While people were fairly proficient at

working with these numerals, calculation

was not exactly a blazing fast process.

Try multiplying MDMCXLVII by CCCLXXIII

without converting them to Arabic

numerals and see how fast you can do it.

The Arabs, on the other hand, used a

place number system, which is the

number system that you've been trained

on. It consisted of ten numerals; when all

ten numerals were used up, then

another place was added and numbers

would then consist of two sets, or places,

of numerals. The immense advantage of

a place system (only the Mayans and the

Hindus also developed place systems), is

that you can do calculations extremely

rapidly. When this was introduced into

Europe, learned people began to

calculate like mad. Books upon books

piled up filled with calculations from the

hands of busy monks and busy students

and busy university teachers adding and

subtracting and multiplying and dividing.
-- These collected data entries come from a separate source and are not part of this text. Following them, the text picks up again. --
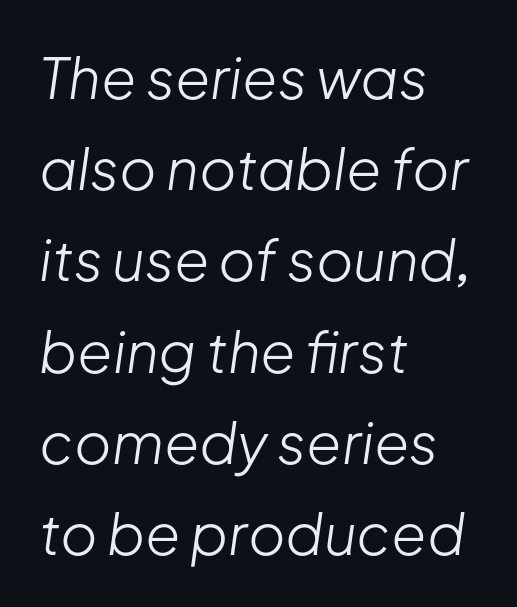
{"italic": "yes", "lean": "right", "slant_degrees": 8, "bold": "no", "weight": "light", "width": "normal", "stroke_contrast": "low", "x_height": "medium", "monospaced": "no", "underline": "no", "align": "left", "line_spacing": "normal", "line_spacing_ratio": 1.6, "letter_spacing": "normal", "letter_spacing_em": 0.0, "glyph_px": 57}
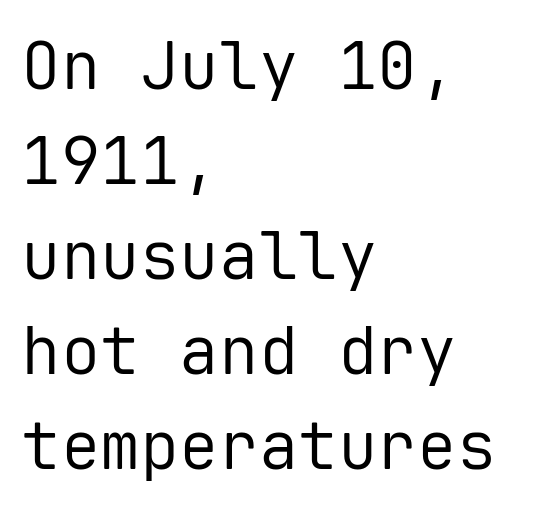
{"serif": "no", "italic": "no", "bold": "no", "weight": "regular", "width": "normal", "stroke_contrast": "low", "x_height": "medium", "monospaced": "yes", "underline": "no", "align": "left", "line_spacing": "normal", "line_spacing_ratio": 1.44, "letter_spacing": "normal", "letter_spacing_em": 0.0, "glyph_px": 66}
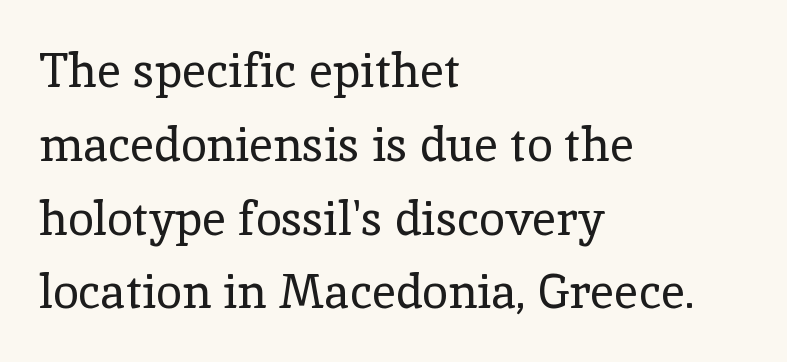
Q: Is the text bold? A: No.
Q: Is the text italic (slanted)? A: No, it is upright.
Q: Is the typeface a serif or a sans-serif typeface? A: Serif.
Q: Is the text underlined? A: No.
Q: How is the paragraph aligned? A: Left-aligned.
Q: Is the spacing between letters normal or unusually wide? A: Normal.
Q: Is the spacing between lines tight, normal or loose? A: Normal.
Q: Width (condensed, normal, or wide)? A: Normal.
Q: x-height? A: Medium.
Q: Monospaced? A: No.
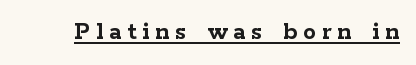
The image shows 26 px bold type, upright; set unusually wide letter spacing (+0.23 em), underlined.
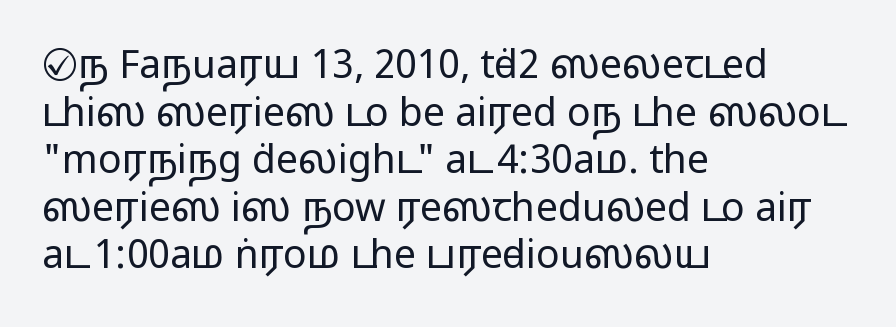
The image shows 39 px regular-weight, wide sans-serif type, upright; set left-aligned, line spacing 1.22x, normal letter spacing, not underlined; low stroke contrast and a medium x-height.
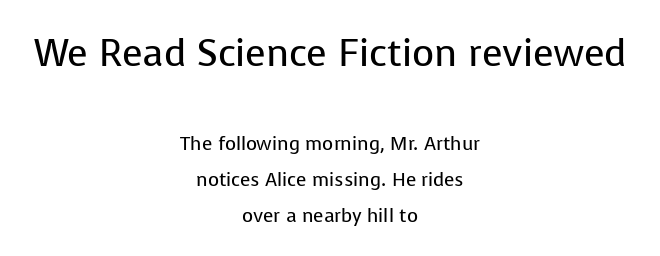
{"serif": "no", "italic": "no", "bold": "no", "weight": "regular", "width": "normal", "stroke_contrast": "low", "x_height": "medium", "monospaced": "no", "underline": "no", "align": "center", "line_spacing": "loose", "line_spacing_ratio": 1.9, "letter_spacing": "normal", "letter_spacing_em": 0.0, "larger_block": "first", "size_ratio": 2.0, "glyph_px": 38}
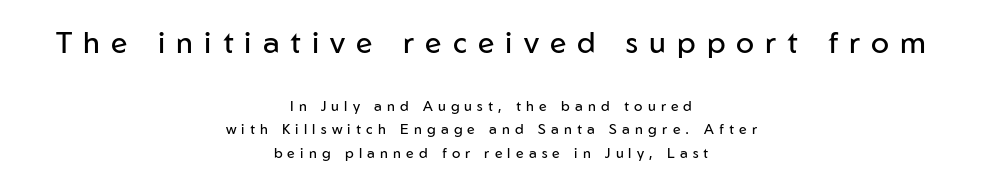
Bigger letters appear in the top chunk; the bottom chunk is reduced. Whoever set this chose a conventional vertical rhythm. Character widths vary here, with narrow letters taking less room than wide ones. The designer went with a sans here, leaving each stem footless. Words appear elongated and porous because spacing is wide. Caption: face not bold, strokes unweighted.
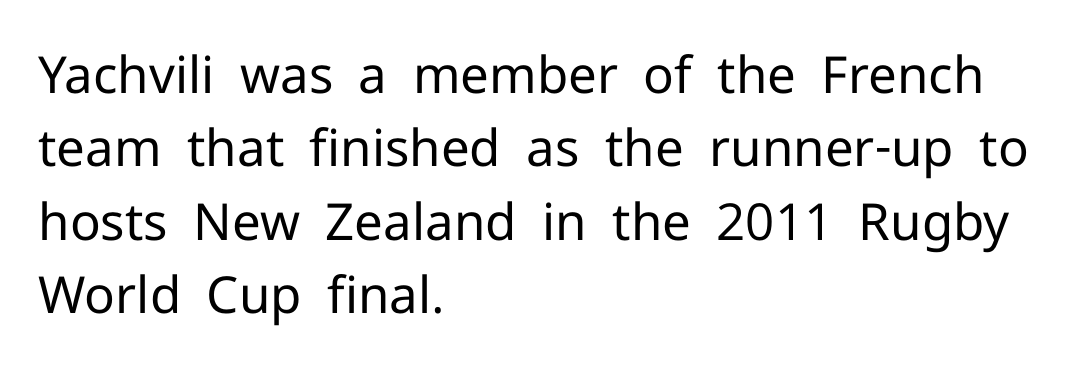
Q: Is the text bold? A: No.
Q: Is the text italic (slanted)? A: No, it is upright.
Q: Is the typeface a serif or a sans-serif typeface? A: Sans-serif.
Q: Is the text underlined? A: No.
Q: How is the paragraph aligned? A: Left-aligned.
Q: Is the spacing between letters normal or unusually wide? A: Normal.
Q: Is the spacing between lines tight, normal or loose? A: Normal.
Q: Width (condensed, normal, or wide)? A: Normal.
Q: Stroke contrast? A: Low.
Q: x-height? A: Medium.
Q: Monospaced? A: No.
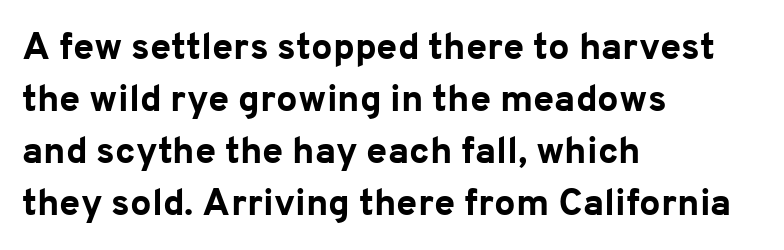
All the whitespace from short lines collects on the right. Quick note: not italic, upright. Chunky letters — that's bold for sure. Spacing verdict: proportional, widths tailored to each character. The block of text has a typical density, with ordinary space between rows. Serif or sans? Sans — the stroke terminals are bare.
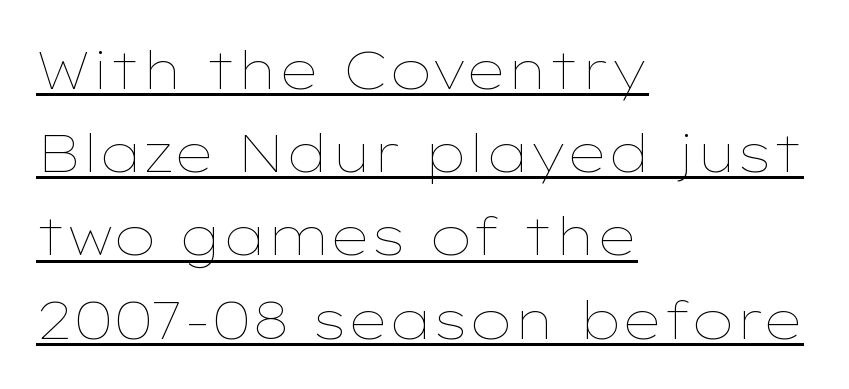
Q: Is the text bold? A: No.
Q: Is the text italic (slanted)? A: No, it is upright.
Q: Is the text underlined? A: Yes.
Q: How is the paragraph aligned? A: Left-aligned.
Q: Is the spacing between letters normal or unusually wide? A: Normal.
Q: Is the spacing between lines tight, normal or loose? A: Normal.
Q: Width (condensed, normal, or wide)? A: Wide.
Q: Stroke contrast? A: Low.
Q: x-height? A: Medium.
Q: Monospaced? A: No.
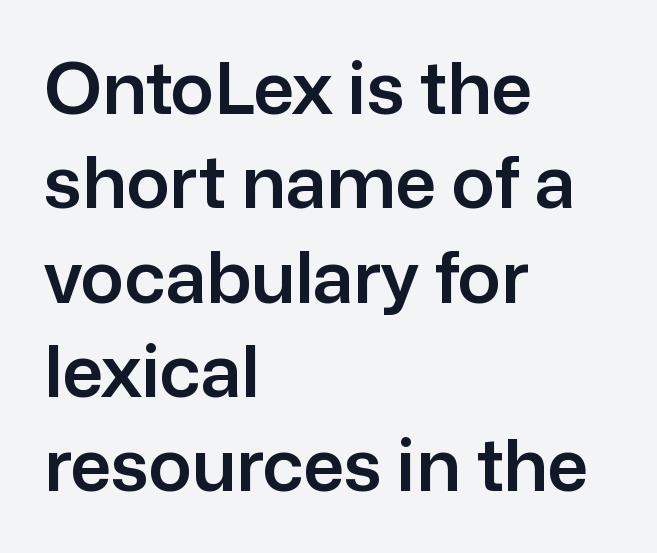
Notice how the passage keeps a crisp vertical edge on the left only. Descenders are the only things crossing below the line. Designer's note — italics off, roman on. Summary of vertical rhythm: regular, with standard interline spacing.
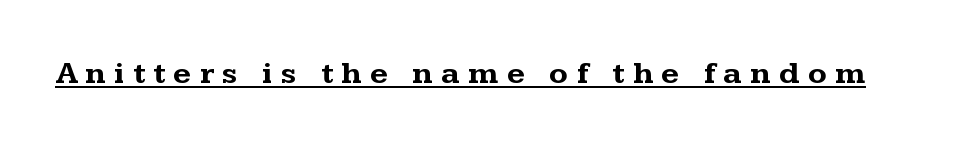
Beneath each row of characters lies a ruled line. Look at the tracking — it's clearly loosened, letters drifting apart. Unlike italic type, these characters show no tilt at all. Here the designer chose a conventional face with non-uniform glyph widths. You'd pick this weight for a headline — it's a proper bold. This sample uses a serif face.

Books of astronomical calculations

especially began to pile up: this was the

start of mathematical astronomy. As

astronomical observations and

calculations piled up, the problems with

the Ptolemaic universe also piled up.

More than anything else, it was this pile

of mathematical calculations that

pushed Copernicus to radically revise the

Ptolemaic universe.

Tycho Brahe: The man who most

greatly influenced the adoption of the

Ptolemaic system was Tycho Brahe

(1546-1601), who was one of those

fanatics doing all those mathematical

calculations of the motion of the

universe. Tables and tables and tables of

calculations. For a man with a boring

profession, however, he led a singularly

interesting life: temperamental, he had

lost his nose to syphilis, or, rather, to the

cure for syphilis, he was a raucous heavy

drinker and he died a particularly just

death for a heavy drinker. At a dinner

with a prince, he drank a bit too much,

and, since you were not allowed to leave

the table until the person outranking you

left the table, he waited out his full

bladder until it burst and sent him to the

heavens he had so lovingly observed

and calculated.

Brahe opposed the Copernican universe

and vehemently argued that the earth

was the center of the universe. In order

to prove this, however, he cataloged a

superhuman amount of astronomical

observations and calculations. These

tables of calculations made up the best

astronomical observations in any culture

at any time up to that point and would

become the basis for proving the

Copernican system to be a more

accurate model of the universe.

Johannes Kepler: Like Copernicus,

Kepler (1571-1630) believed that the sun

represented the spiritual essence and

presence of God and should be placed at

the center of the universe. He discovered

Brahe's observations and calculations

and set about using them to develop a

new, sun-centered universe. He rejected

two major aspects of the Copernican

universe: epicycles and circular orbits. In

the Keplerian universe, the planets

orbited around the sun and remained in

their orbital paths; these paths, however,

were elliptical rather than circular. This

was the big prize: by revising

Copernicus's model through the use of

Brahe's calculations, he produced a

mathematical model of the universe that

perfectly predicted planetary motions

and accounted for every instance of

planetary precession. This model he

published in the book New Astronomy in

1609, and it instantly created a

sensation. It would also inspire an Italian

astronomer, Galileo Galilei, to fit his new

observations into this Keplerian universe.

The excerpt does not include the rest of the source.